Le Soleil, Laetitia Deconinck
Jean Pelletier n'a pas eu le temps de rédiger ses mémoires. Mais en août dernier, il a accepté de donner une série d'entrevues pendant l'automne à notre chroniqueur Gilbert Lavoie, pour publication après son décès. Nous publierons des extraits de ces entretiens d'ici les funérailles. Le 22 décembre, M. Pelletier nous a également accordé une entrevue télévisée dont vous verrez les principaux extraits au cours des prochains jours, sur le site Internet du SOLEIL. à cyberpresse.ca/le-soleil. (3 de 4)
Jean Pelletier : Le Programme des commandites, dans notre pensée, n'a jamais existé comme tel. Au début de février 1996, à la suite du rapport d'un comité présidé par Marcel Massé, le cabinet avait décidé de faire une foule de choses, dont augmenter la visibilité fédérale. C'était un programme politique, mais ce n'était pas un programme partisan. C'est le Canada qu'on vendait, ce n'était pas le Parti libéral. Le scandale, et scandale il y a, ce n'est pas le programme lui-même, c'est que, dans l'administration financière, il y a des gens qui ont bénéficié de conditions indues de contrats et qui ont surfacturé.
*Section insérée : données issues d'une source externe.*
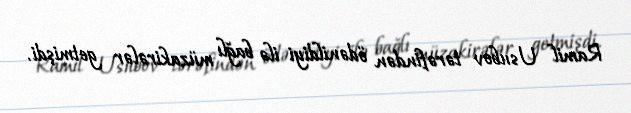
Ramil Usubov tərəfindən ödənildiyi ilə bağlı müzakirələr getmişdi.
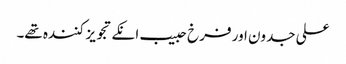
علی جدون اور فرخ حبیب انکے تجویز کنندہ تھے۔
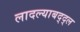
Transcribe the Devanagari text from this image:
लादल्याबद्द्ल
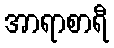
အာရာစာရီ
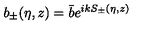
b _ { \pm } ( \eta , z ) = \bar { b } e ^ { i k S _ { \pm } ( \eta , z ) }
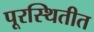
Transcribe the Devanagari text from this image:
पूरस्थितीत
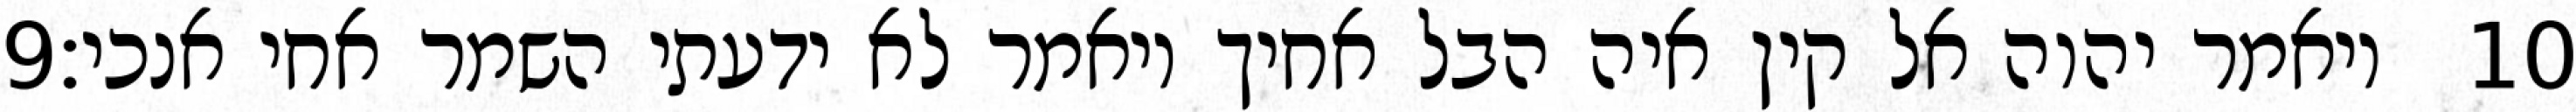
‎9‏ ויאמר יהוה אל קין איה הבל אחיך ויאמר לא ידעתי השמר אחי אנכי׃ ‎10‏
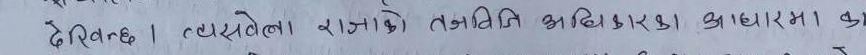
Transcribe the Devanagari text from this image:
देखिन्छ। त्यसले राजको राजनीति अधिकारका आधारमा वा
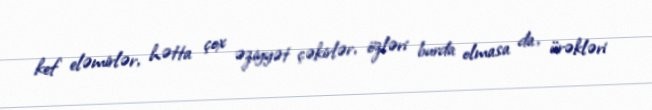
kef eləmirlər, hətta çox əziyyət çəkirlər, özləri burda olmasa da, ürəkləri
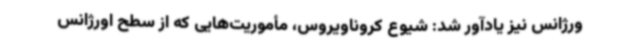
ورژانس نیز یادآور شد: شیوع کروناویروس، مأموریت‌هایی که از سطح اورژانس
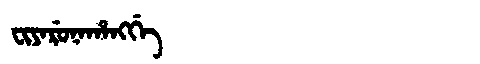
Manchu: ᠸᡳᠶᠠᡵᡠᠨᠠᡥᠠᠩᡤᡝ
Romanization: FIYARUNAHANGGE
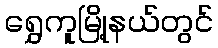
ရွှေကူမြို့နယ်တွင်
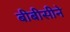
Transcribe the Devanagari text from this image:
बीबीसीने
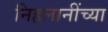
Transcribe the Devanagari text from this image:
निहलानींच्या
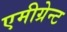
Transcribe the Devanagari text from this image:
एमीग्रेन्ट
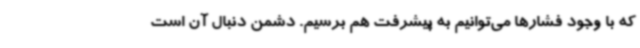
که با وجود فشارها می‌توانیم به پیشرفت هم برسیم. دشمن دنبال آن است
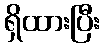
ရှိထားပြီး
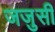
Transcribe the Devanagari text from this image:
जजुसी
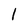
Character: 1
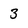
Character: 3
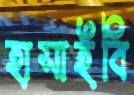
হাসাইবি
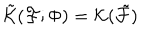
LaTeX: \tilde { { \cal K } } ( { \cal F } ; \Phi ) = { \cal K } ( \tilde { { \cal F } } )
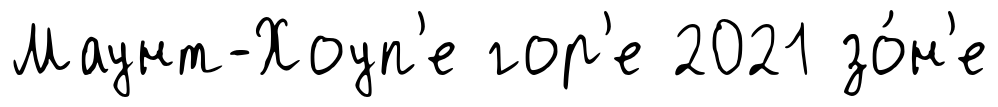
Маунт-Хоуп'е гор'е 2021 зо́н'е
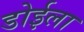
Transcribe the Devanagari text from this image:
डोईला
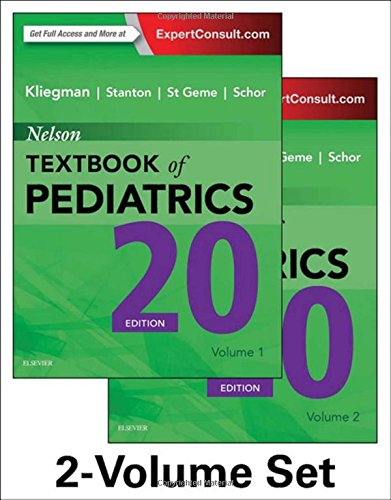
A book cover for Nelson Textbook of Pediatrics, 2-Volume Set, 20e; Robert M. Kliegman MD; Medical Books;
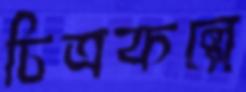
চিত্রকল্পে
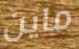
ماين
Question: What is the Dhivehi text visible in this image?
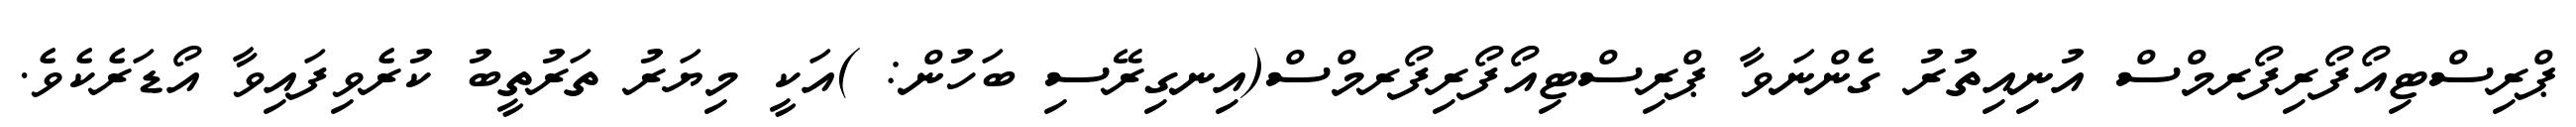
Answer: ޕްރިސްޓިއޯފޯރިފޯރމްސް އުނިއިތުރު ގެންނަވާ ޕްރިސްޓިއޯފޯރިފޯރމްސް(އިނގިރޭސި ބަހުން: )އަކީ މިޔަރު ތަރުތީބު ކުރެވިފައިވާ އޯޑަރެކެވެ.
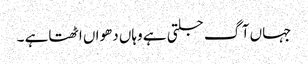
جہاں آگ جلتی ہے وہاں دھواں اٹھتاہے ۔
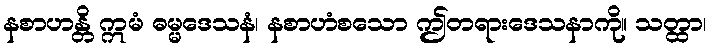
နစာဟန္တိ ဣမံ ဓမ္မဒေသနံ၊ နစာဟံစသော ဤတရားဒေသနာကို။ သတ္ထာ၊
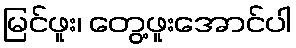
မြင်ဖူး၊ တွေ့ဖူးအောင်ပါ
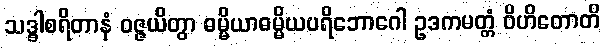
သဒ္ဓါစရိတာနံ ဝဇ္ဇယိတွာ ဓမ္မိယာဓမ္မိယပရိဘောဂေါ ဥဒကမတ္တံ ဝိဟိတောတိ
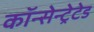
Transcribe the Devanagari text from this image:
कॉन्सेन्ट्रेटेड
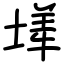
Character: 㙚
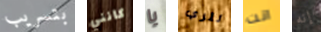
بتسريب كانني يا لتري انت إنه
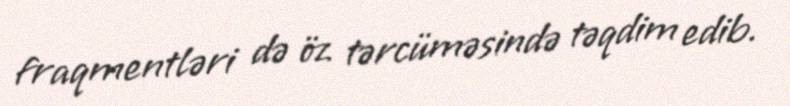
fraqmentləri də öz tərcüməsində təqdim edib.
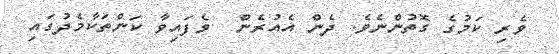
ވެރި ކަމުގެ ގޮތުންނެވެ. ދެން އެއުރެން  ވެފައިވާ ކަންތަކާމެދުގައި
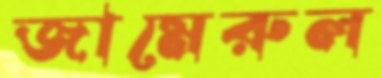
জামেরুল
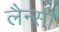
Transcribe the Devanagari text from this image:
लैन्सी
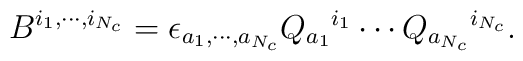
B^{i_1, \cdots, i_{N_c}}=\epsilon_{a_1,\cdots, a_{N_c}} Q_{a_1}{}^{i_1} \cdots Q_{a_{N_c}}{}^{i_{N_c}} .
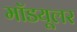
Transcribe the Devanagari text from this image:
मॉडयूलर
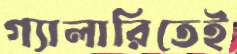
গ্যালারিতেই
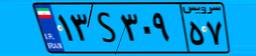
۹۸S۱۴۵۶۳
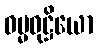
ဓမ္မဝုဋ္ဌိယော
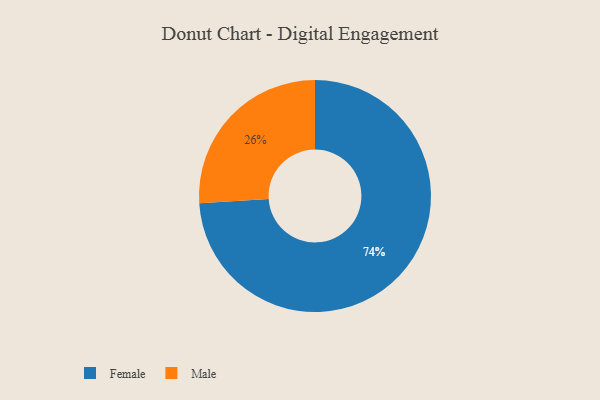
{"axis": {"x": "Category", "y": "Percentage"}, "legend": ["Female", "Male"], "data": [{"x": "Male", "y": 26, "type": "Male"}, {"x": "Female", "y": 74, "type": "Female"}]}
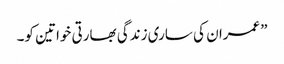
”عمران کی ساری زندگی بھارتی خواتین کو۔
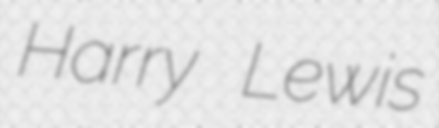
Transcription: Harry Lewis
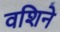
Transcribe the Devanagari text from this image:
वशिने
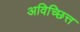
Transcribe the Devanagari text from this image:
अविच्छित्त
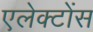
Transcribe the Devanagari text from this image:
एलेक्टोंस
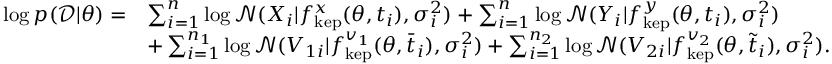
\begin{array} { r l } { \log p ( \mathcal { D } | \theta ) = } & { \sum _ { i = 1 } ^ { n } \log \mathcal { N } ( X _ { i } | f _ { \mathrm { k e p } } ^ { x } ( \theta , t _ { i } ) , \sigma _ { i } ^ { 2 } ) + \sum _ { i = 1 } ^ { n } \log \mathcal { N } ( Y _ { i } | f _ { \mathrm { k e p } } ^ { y } ( \theta , t _ { i } ) , \sigma _ { i } ^ { 2 } ) } \\ & { + \sum _ { i = 1 } ^ { n _ { 1 } } \log \mathcal { N } ( V _ { 1 i } | f _ { \mathrm { k e p } } ^ { v _ { 1 } } ( \theta , \bar { t } _ { i } ) , \sigma _ { i } ^ { 2 } ) + \sum _ { i = 1 } ^ { n _ { 2 } } \log \mathcal { N } ( V _ { 2 i } | f _ { \mathrm { k e p } } ^ { v _ { 2 } } ( \theta , \tilde { t } _ { i } ) , \sigma _ { i } ^ { 2 } ) . } \end{array}
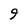
Character: 9
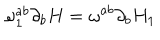
\omega _ { 1 } ^ { a b } \partial _ { b } H = \omega ^ { a b } \partial _ { b } H _ { 1 }
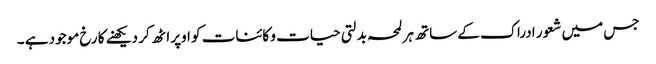
جس میں شعور ادراک کے ساتھ ہر لمحہ بدلتی حیات و کائنات کو اوپر اٹھ کر دیکھنے کا رخ موجود ہے ۔
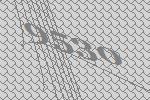
9530
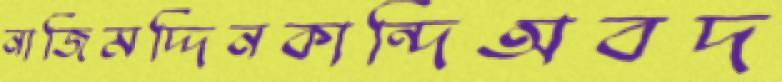
নাজিমদ্দিনকান্দিঅবদ
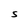
Character: S
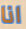
انا
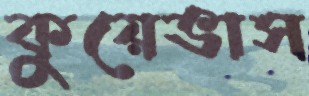
কুয়েভাস
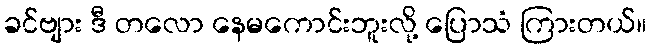
ခင်ဗျား ဒီ တလော နေမကောင်းဘူးလို့ ပြောသံ ကြားတယ်။
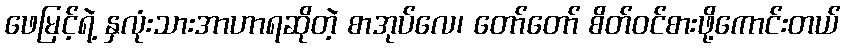
ဖေမြင့်ရဲ့ နှလုံးသားအာဟာရဆိုတဲ့ စာအုပ်လေ၊ တော်တော် စိတ်ဝင်စားဖို့ကောင်းတယ်
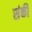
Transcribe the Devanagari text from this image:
संकी
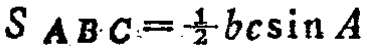
$S_{ABC}=\frac{1}{2}bc\sin A$
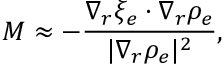
{ \cal M } \approx - \frac { \nabla _ { r } \xi _ { e } \cdot \nabla _ { r } \rho _ { e } } { | \nabla _ { r } \rho _ { e } | ^ { 2 } } ,
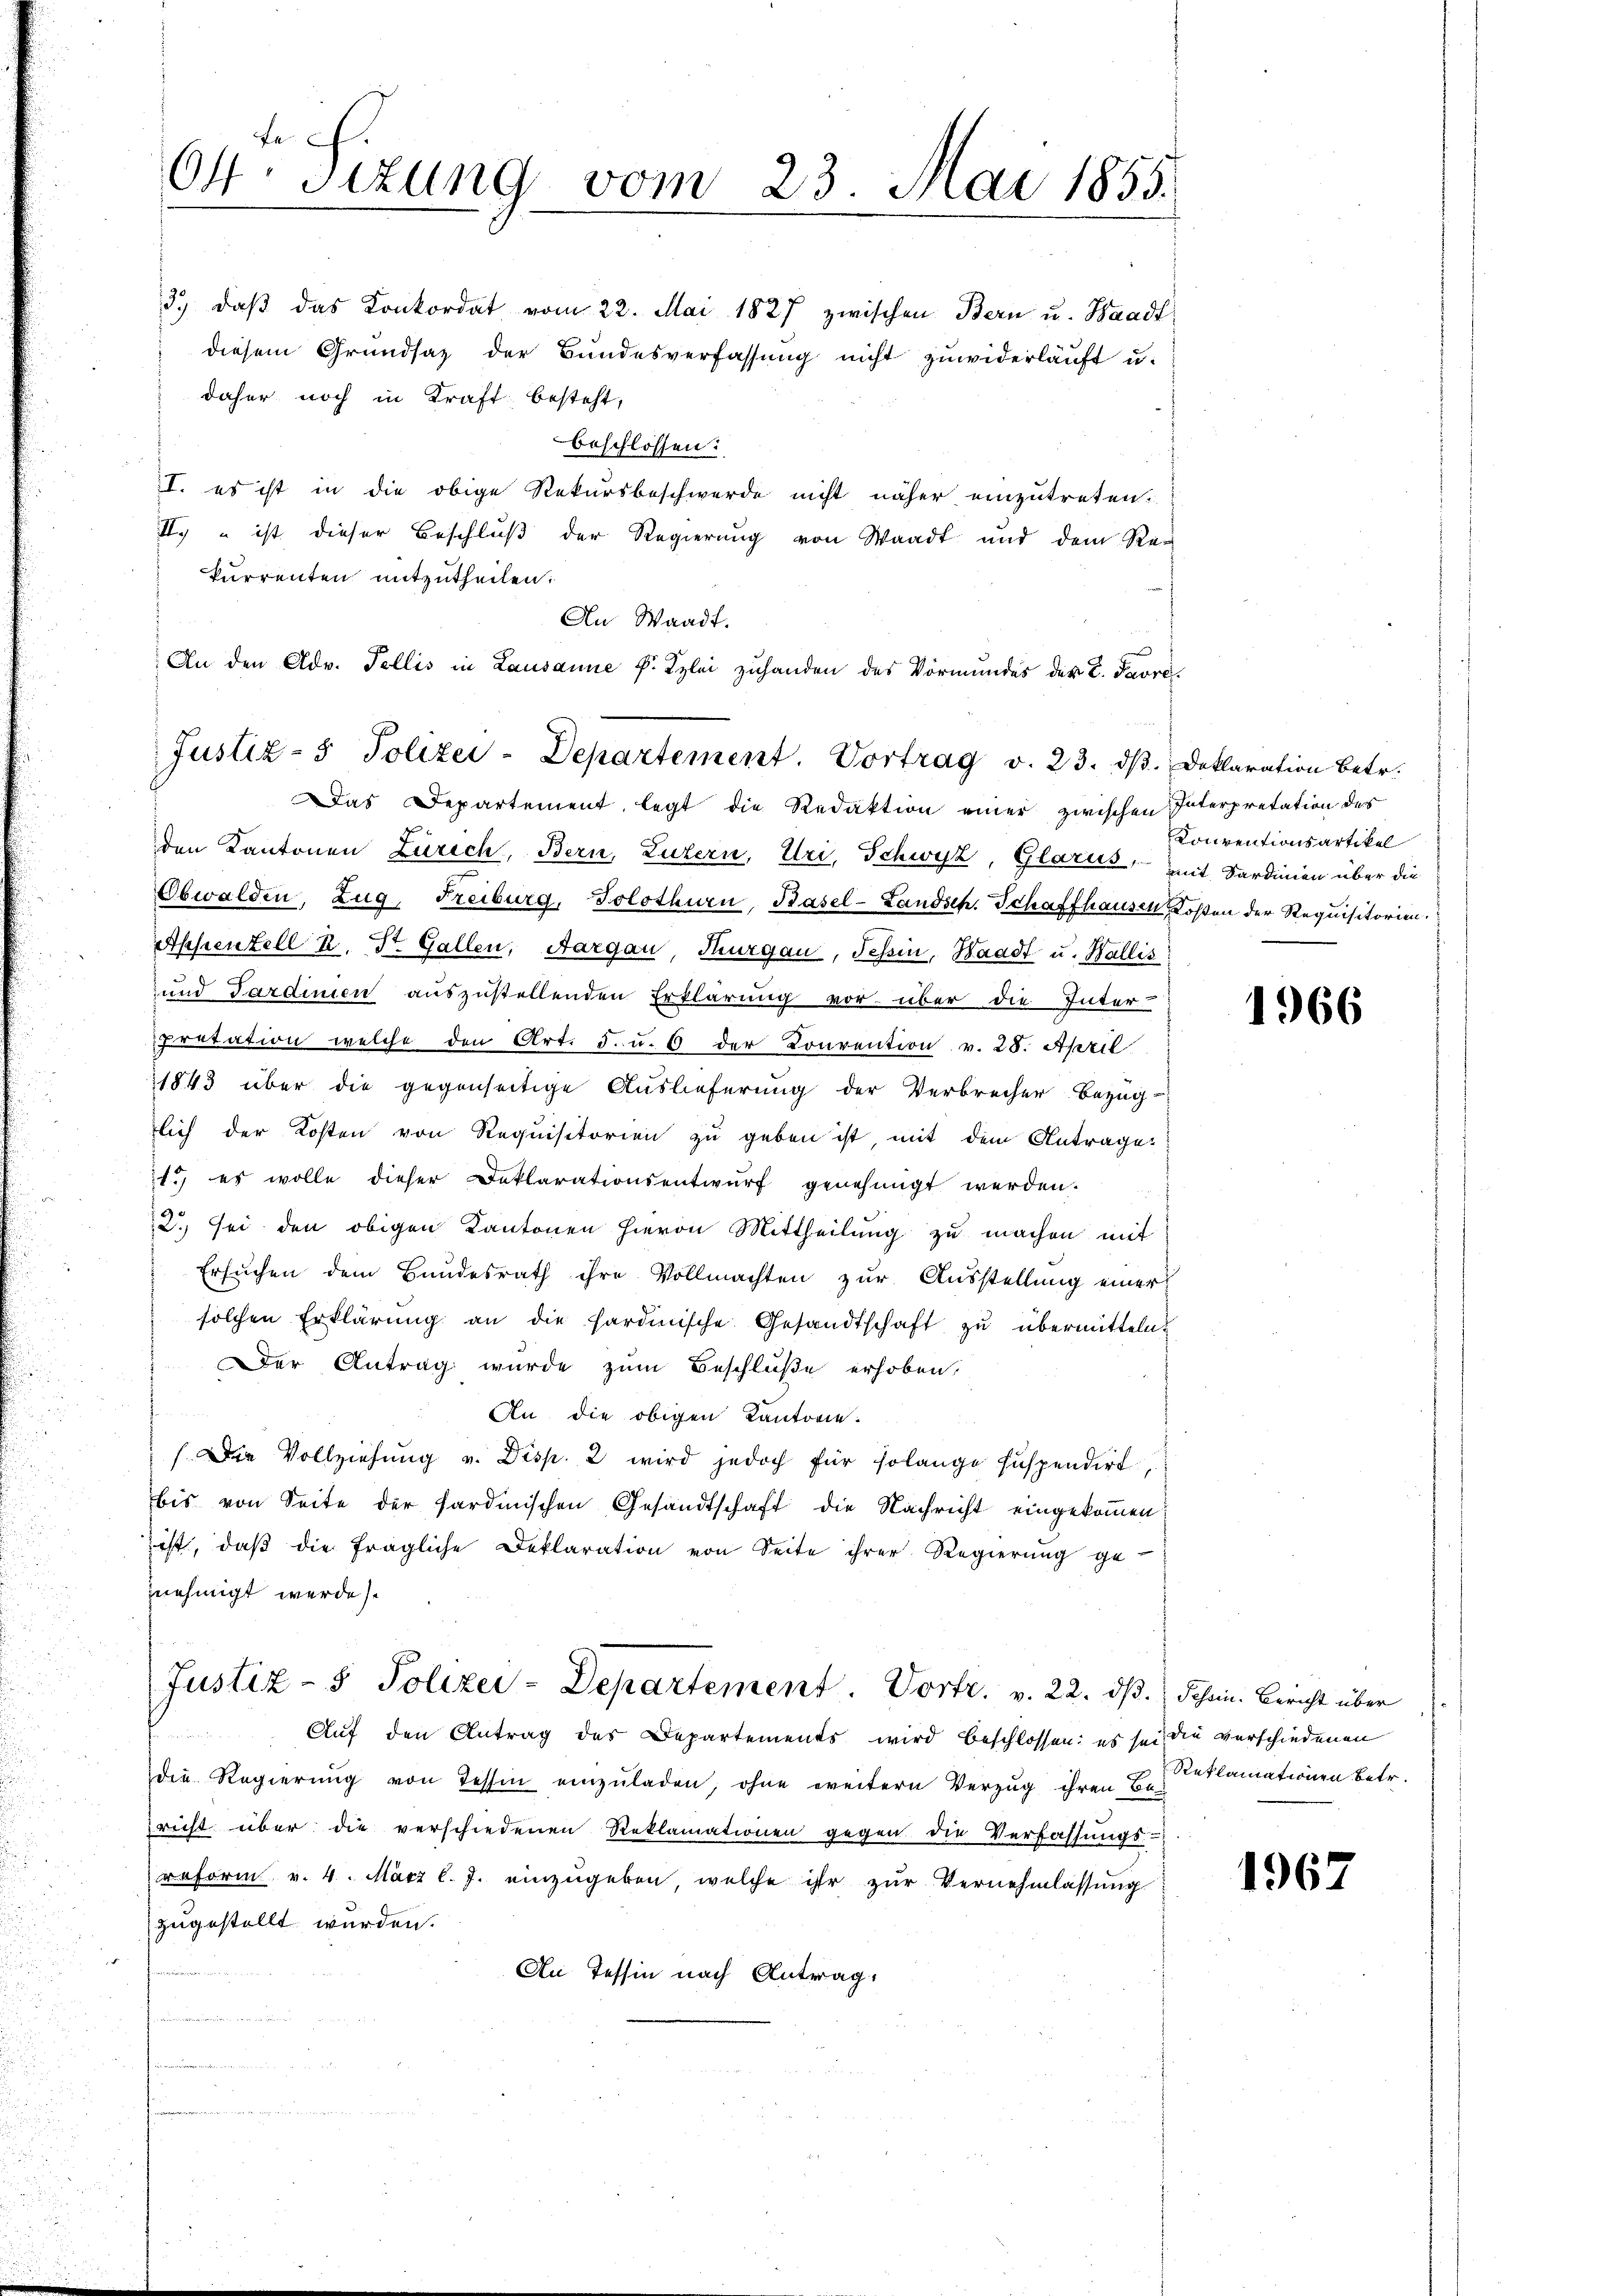
fe
64. Sizung vom 23. Mai 1855.

beschlossen:
II. es ist in die obige Rekursbeschwerde nicht näher einzutreten.
II.) “ ist dieser Beschluß der Regierung von Waadt und dem Rekurrenten mitzutheilen:
An Waadt.
An den Adv. Fellis in Lausanne P. Kzlei zuhanden des Vormundes der L. Favre¬

Justiz- & Polizei-Departement. Vortrag v. 23. ds. Deklaration betr.

3. daβ das Konkordat vom 22. Mai 1827 zwischen Bern u. Waadt
diesem Grundsaz der Bundesverfassung nicht zuwiderläuft u.
daher noch in Kraft besteht,

Das Departement, legt die Redaktion einer zwischen Interpretation der
den Kantonen Zürich, Bern, Luzern, Uri, Schwyz, Glarus, mit Sardinien über die
Obwalden, Zug, Freiburg, Solothurn, Basel-Landsch. Schaffhausen Kosten der Requisitorien.
Appenzell k. St. Gallen, Aargau, Thurgau, Tessin, Waadt u. Wallis
und Sardinien auszustellenden Erklärung vor über die Inter-
Pretation welche den Art. 5. u. 5 der Konvention v. 28. April
1843 über die gegenseitige Auslieferung der Verbrecher Bezug
lich der Kosten von Requisitorien zu geben ist, mit dem Antrage
1.) es wolle dieser Deklarationsentwŭrf genehmigt werden.
2. sei den obigen Kantonen hievon Mittheilung zu machen mit
Ersuchen dem Bundesrath ihre Vollmachten zur Ausstellung einer
solchen Erklärŭng an die hardinische Gesandtschaft zŭ übermitteln.
Der Antrag wurde zum Beschluße erhoben,
An die obigen Kantone.
(Die Vollziehung v. Disp. 2 wird jedoch für solange suspendirt,
bis von Seite der sardinischen Gesandtschaft die Nachricht eingekommen
ist, daβ die fragliche Deklaration von Seite ihrer Regierŭng ge-
nehmigt werde
Justiz- & Polizei-Departement. Vortr. v. 22. dβ. Schein. Bericht über
Aŭf den Antrag des Departements wird beschlossen: es sei die verschiedenen
die Regierŭng von Tessin einzŭladen, ohne weitern Verzug ihren Be-
richt über die verschiedenen Reklamationen gegen die Verfassŭngs-
reform v. 4. März l. J. einzugeben, welche ihr zur Vernehmlassung
zugestellt wurden.
An Tessin nach Antrag.

Konventionsartikel

1966

Reklamationen betr.

1967
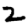
Digit: 2
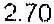
2.70
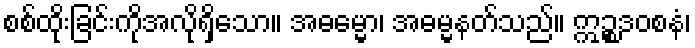
စစ်ထိုးခြင်းကိုအလိုရှိသော။ အဓမ္မော၊ အဓမ္မနတ်သည်။ ဣဉ္စဒဝစနံ၊
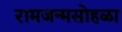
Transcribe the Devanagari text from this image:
रामजन्मसोहळा
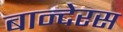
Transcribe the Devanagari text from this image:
बान्देरस
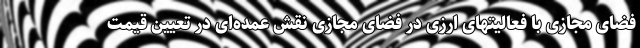
فضای مجازی با فعالیتهای ارزی در فضای مجازی نقش عمده‌ای در تعیین قیمت
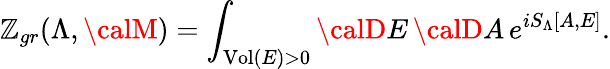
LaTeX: \mathbb{Z}_{gr}(\Lambda,{\calM})=\int_{\mathrm{{Vol}}(E)>0}{\calD}E\, {\calD}A\, e^{iS_{\Lambda}[A,E]}.
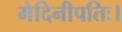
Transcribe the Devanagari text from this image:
मेदिनीपतिः।
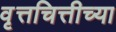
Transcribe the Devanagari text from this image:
वृत्तचित्तीच्या
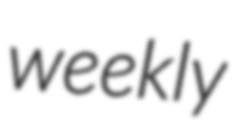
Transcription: weekly
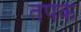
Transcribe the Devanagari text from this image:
तपके
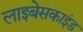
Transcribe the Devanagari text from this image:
लाइबेसकाइंड
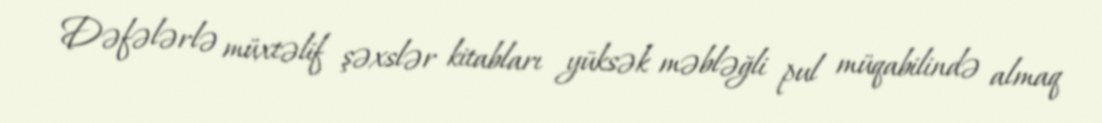
Dəfələrlə müxtəlif şəxslər kitabları yüksək məbləğli pul müqabilində almaq

Mais ça, très franchement, ça regarde pas du tout le bureau du premier ministre.
Dans son rapport, Gomery part en disant : «À la demande du premier ministre, son chef de cabinet dirigeait le programme.» Je n'ai jamais dirigé le programme. Dans le livre de François Perreault, le directeur des communications de la commission, Perreault dit qu'un mois après la comparution de Chrétien, il a demandé au juge Gomery si la comparution de l'ancien premier ministre avait été capitale. Gomery a dit : «Oui. Une fois qu'il eut témoigné, je savais qui étaient les responsables.»
Alors, je me suis dit : «Il faut que je relise le verbatim de Chrétien.» Je l'ai fait venir d'Ottawa. Gomery n'a jamais demandé à Chrétien : «Est-ce que votre directeur de cabinet dirigeait le programme?». Ce qu'il a demandé à Chrétien, c'est : «Qui, à votre bureau, était responsable du dossier de l'unité nationale?»
Et Chrétien a dit : «C'est Jean Pelletier.» De là il a conclu que je dirigeais le programme des commandites. Il n'avait rien sur quoi s'appuyer pour dire cela.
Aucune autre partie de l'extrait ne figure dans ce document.